Mi sembra che un analogo paradosso ci attenda se volgiamo lo sguardo alla "forma del contenuto". Infatti, il contenuto, nella sua stessa consistenza sembrerebbe dalla parte della linearità, anche se poi la "forma dell'espressione" lo costringe agli scarti del molteplice e ai sobbalzi della sorpresa che avrà modo di notare ogni lettore. Però: mi ha colpito il modo in cui non esistono gli strati sociali. Come si passa facilmente della ricchezza alla povertà, dal ruolo dirigenziale all'emarginazione e come - data anche l'importanza della figura del "cronista" - proprio questa figura sia segnata dal marchio dell'indifferenza con l'altro. A dispetto della retorica dell'alterità oggi imperante e di tanto pessimo neo-neorealismo (buonista o no che sia) lo sprofondamento nella degradazione appare privo di senso, vuoi rappresentativo, vuoi morale. Le differenze sociali prendono piuttosto la via del grottesco.
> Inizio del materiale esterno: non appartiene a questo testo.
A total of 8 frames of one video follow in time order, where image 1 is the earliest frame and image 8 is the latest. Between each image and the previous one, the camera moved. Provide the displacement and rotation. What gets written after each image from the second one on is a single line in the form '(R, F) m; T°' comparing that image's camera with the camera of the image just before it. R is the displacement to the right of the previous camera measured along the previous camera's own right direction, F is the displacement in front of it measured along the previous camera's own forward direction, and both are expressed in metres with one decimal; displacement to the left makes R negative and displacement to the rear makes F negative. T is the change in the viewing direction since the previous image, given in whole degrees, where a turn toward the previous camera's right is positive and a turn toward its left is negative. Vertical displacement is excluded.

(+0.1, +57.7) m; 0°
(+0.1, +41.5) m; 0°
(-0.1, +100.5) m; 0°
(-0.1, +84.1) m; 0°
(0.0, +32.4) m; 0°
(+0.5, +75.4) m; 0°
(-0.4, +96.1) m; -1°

Sicché, nella "forma del contenuto" troverei, in definitiva, un accordo proprio con il "caso" e la discontinuità di quel gioco col dizionario, che poi anch'esso ha un'ascendenza insieme sacra a profana, nobile e goliardica, da vaticinio però anche da procedimento dadaista.
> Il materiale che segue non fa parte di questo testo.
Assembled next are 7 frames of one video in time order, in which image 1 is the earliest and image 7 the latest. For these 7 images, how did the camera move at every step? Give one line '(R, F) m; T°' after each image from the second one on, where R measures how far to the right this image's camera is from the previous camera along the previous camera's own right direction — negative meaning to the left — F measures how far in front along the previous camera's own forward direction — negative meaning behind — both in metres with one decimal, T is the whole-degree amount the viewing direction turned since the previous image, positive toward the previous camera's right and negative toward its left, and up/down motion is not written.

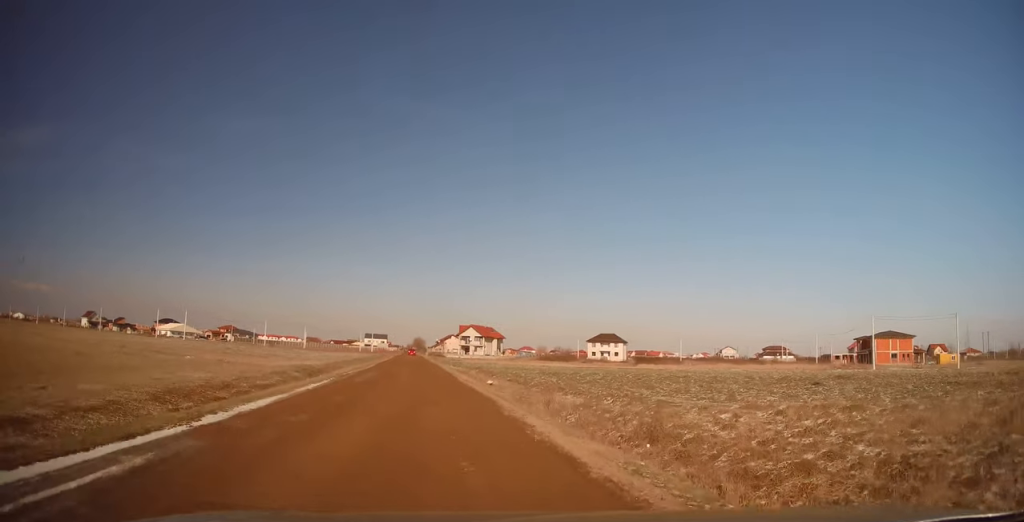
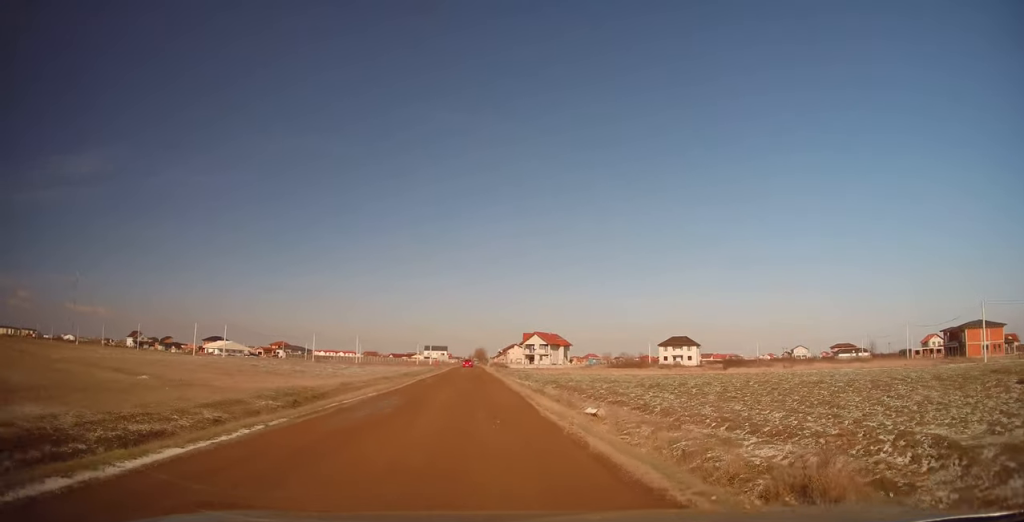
(-0.9, +11.9) m; -5°
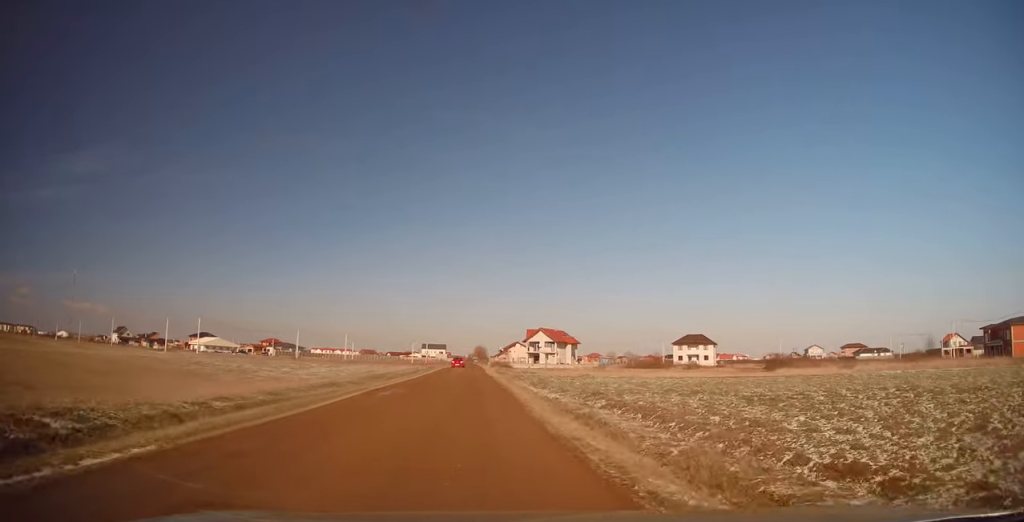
(+0.1, +13.8) m; -1°
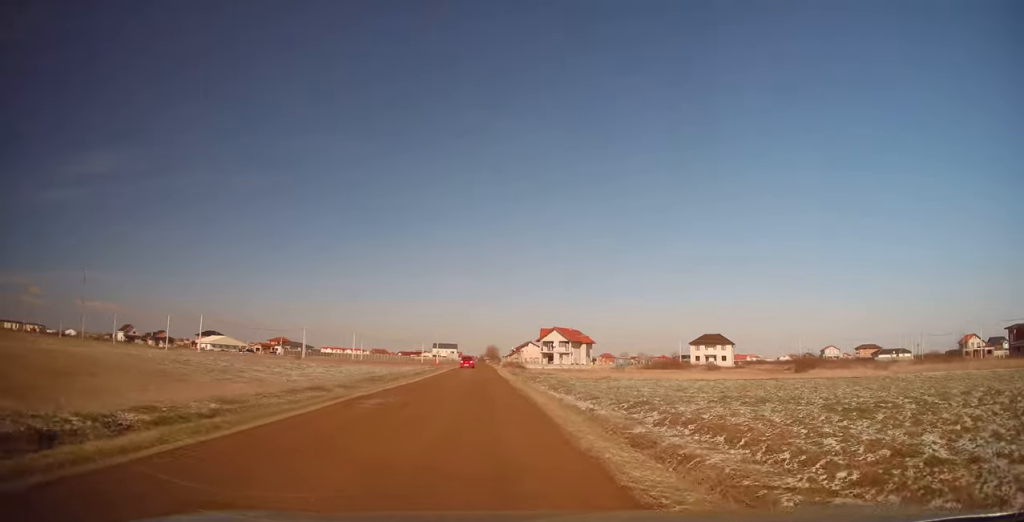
(-0.1, +4.4) m; -2°
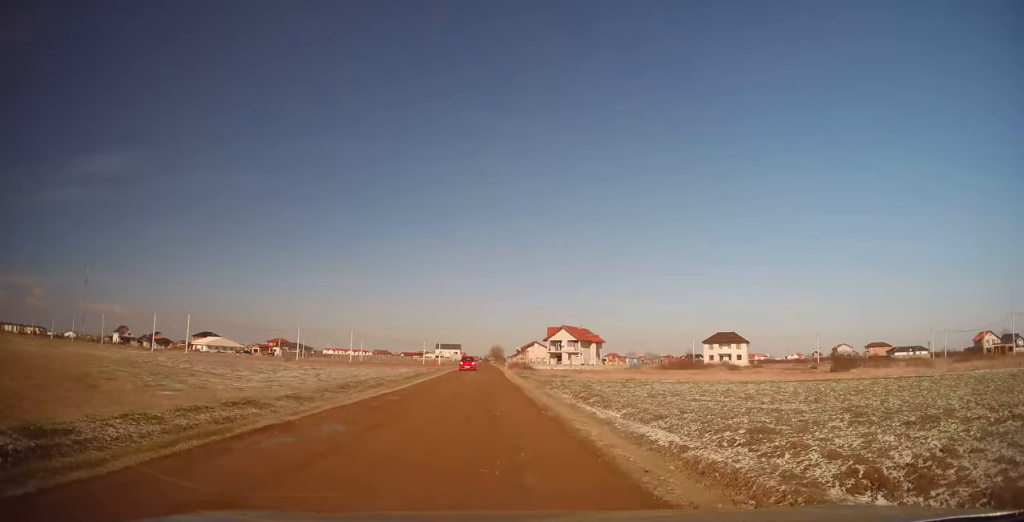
(0.0, +6.9) m; -2°
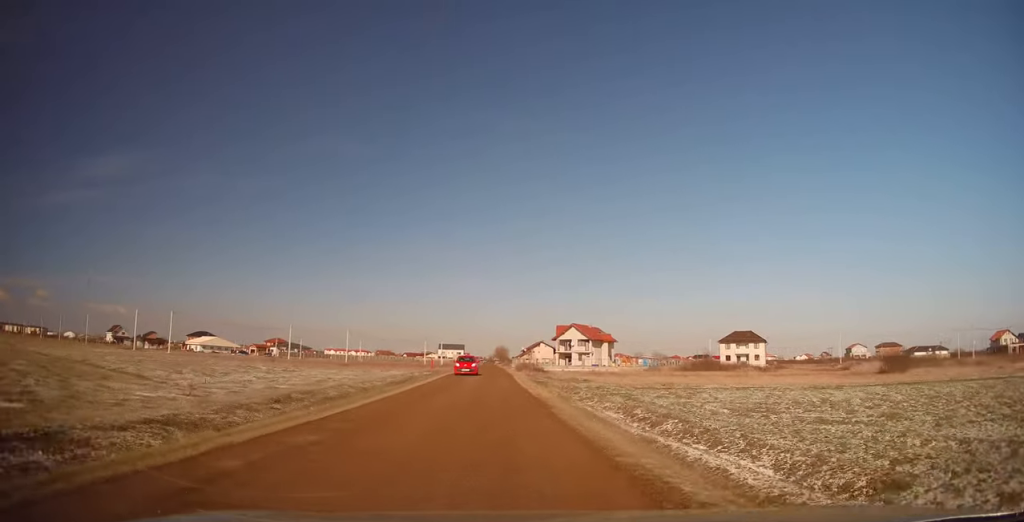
(-0.2, +8.4) m; 0°
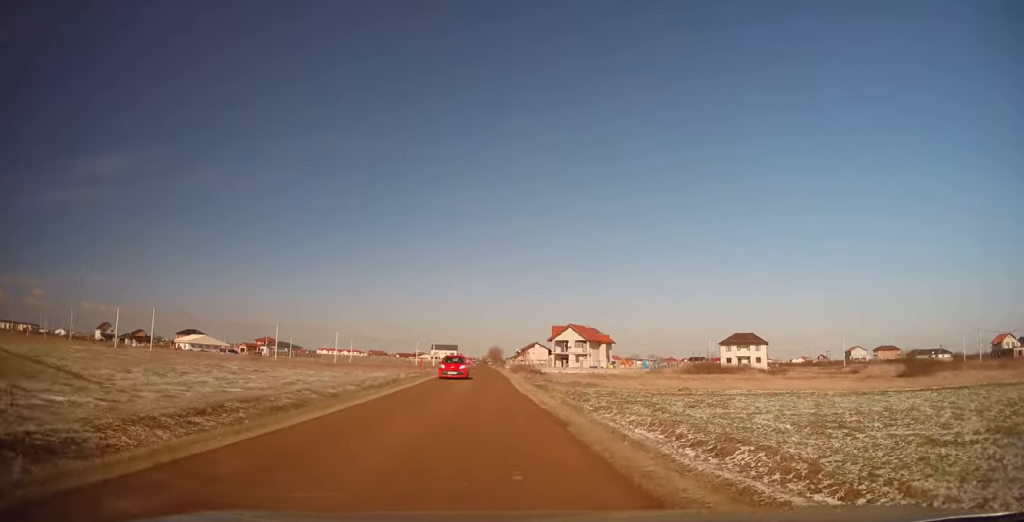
(+0.1, +4.4) m; +2°

Di quanto questi paradossi siano vicini o meno a certi paradossi postmoderni si potrebbe discutere all'infinito. A me però, più che il dilemma senza uscita, interessa la sottigliezza dell'operazione: il fatto, cioè, che il paradosso - invece di essere sbandierato, come sarebbe facile fare - viene incontro inaspettatamente: è imprevedibile. Ci sia, insomma, una deviazione - sottile, ma decisiva - dai prodotti del nostro postmodernismo conformista, standardizzato e in fondo modesto. E mi pare anche che il libro dia una risposta positiva al legittimo dubbio sulle possibilità di un uso sperimentale delle strutture narrative. Oggi che la ricerca sperimentale pare tutta concentrata nel campo "fuori mercato" della poesia, occorre far ripartire la riflessione anche sul modo di raccontare.